若是悬剑山的弟子,想要拜入同在楚国的洞渊宗、射阳宗,那叫叛宗,属于大罪过,起码要废去修为,退出原本的宗门才行。
但是若悬剑山的弟子,有机会拜入中域的某个大宗门,那情况就完全不同了。
恐怕悬剑山不仅不会阻拦,反而还会倾力相助。
与那般庞然大物搭上线的机会在前,这世上没有人会蠢到去阻拦的。
谢蝉怔怔地看著手中的玉符,又抬头看著那道身影,一时有些恍惚。
连对方什么时候离去的,都不知道。
她紧紧攥著那枚玉简,好像握住了通往另一个世界的钥匙,心中翻江倒海,恍如梦中。
「谢蝉师姐!你没事吧?」
「师姐,宋前辈跟你说了什么?」
「小蝉儿,你可千万别灰心,已经很厉害了!」
直到悬剑山的长老和同门弟子们纷纷围拢上来,或关切询问,或出言安慰鼓励,谢蝉才回过神来。
她将玉简贴身收好:「我,我没事。」
「区区一次失败而已,我哪里有那么容易就消沉……」
「再说了,我跟小鞠可是很要好的。」
「你看,我就说嘛……」
「说什么说,就你刚刚担心的最起劲!」
随著九脉魁首之名尘埃落定,一波三折的璃川盛会,也终于落下了帷幕。
楚国修仙界的格局天翻地覆。
新世的浪潮,已经开始涌动。
……
说是璃川结束之后立刻就动身,但实际上,宋宴还是逗留了几日。
除了与那些老友叙了叙旧之外,还亲自跑了一趟射阳宗。
与射阳宗的宗主和几位长老,说明了要将盛韵带往中域的事。
此番宋宴斩杀吕柯泰,将玄元宗扳倒,除了洞渊之外,恐怕就属射阳宗获益最多。
他们本来就看不过玄元宗的行事,再加之因为与洞渊交好,没少受其打压。
如今可以说是数千年来最好的局面了。
射阳宗的傅潇是秦惜君的好友,宋宴从前见过多次,从雨真如今也已经是筑基后期的境界,听闻已经在著手准备结丹。
对于要将盛韵带去中域君山之事,无论是宗主还是几位长老,都是满口答应。
宋宴是盛韵义兄的事,他们都知晓,安危这方面应该是无须忧心的。
忽然有这么个机会,能够与中域第一大宗扯上关系,众人皆是求之不得。
洞渊宗,长老院。
几位已经退居的长老,正在一处闲花院落,围坐弈棋。
「老张,你这一手,是何意味啊?」
「哎呀别说别说,观棋不语真君子,我自己会下。

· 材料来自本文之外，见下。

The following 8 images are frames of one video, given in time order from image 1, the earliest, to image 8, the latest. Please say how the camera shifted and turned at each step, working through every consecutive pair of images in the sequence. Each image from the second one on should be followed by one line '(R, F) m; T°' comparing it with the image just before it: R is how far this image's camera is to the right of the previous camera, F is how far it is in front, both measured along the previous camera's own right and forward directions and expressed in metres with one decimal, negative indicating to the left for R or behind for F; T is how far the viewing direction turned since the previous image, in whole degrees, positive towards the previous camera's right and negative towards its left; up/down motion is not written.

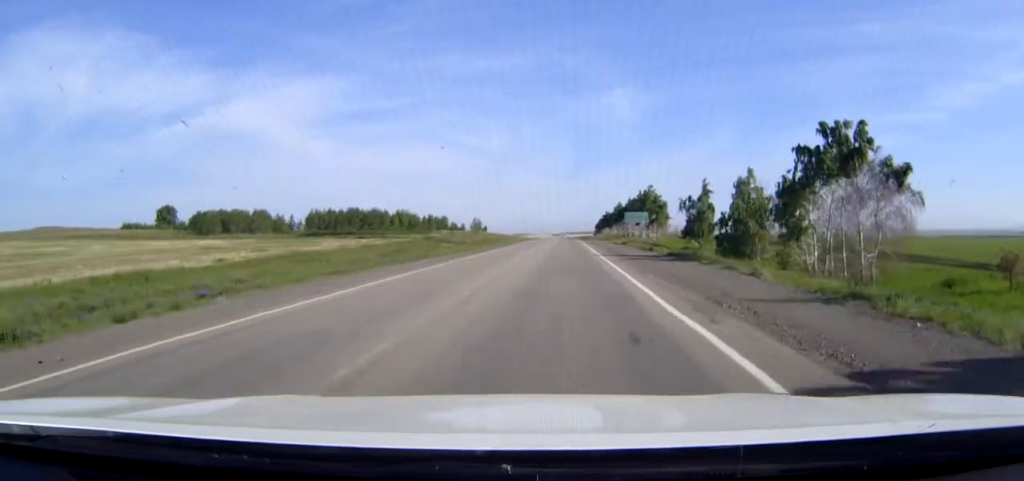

」
说罢,张广元看著棋盘陷入了长考。
「嘶……这一步……」
周围几个观棋长老窃笑,这老张头下了一步臭棋,原本大好优势,恐怕要葬送了。
「张长老,张长老!」
忽然有弟子通禀,叫张广元从纠结之中回过神来:「什么事?」
「宋宴,宋真人求见。」
「啊?」张广元一惊:「还求什么见,快让他来。」
周遭的长老也有些意外。
很快,宋宴的身形就出现在了院落门口:「张长老,诸位长老,别来无恙。」
「快来快来。」
「一晃四十多年过去,如今该称你宋真人,宋前辈了。」
「哎可千万别,您这就折煞我了。」
宋宴在张广元的身边坐下,几人闲谈起来。
当初自己还在洞渊宗的时候,张广元还是外事长老,各方各面都很照顾自己,宋宴可一直都记在心里。
如今张广元基本上已经退居,身上也就有个处理门中弟子身份变动的差事,而且还有后辈帮他处理,清闲得很。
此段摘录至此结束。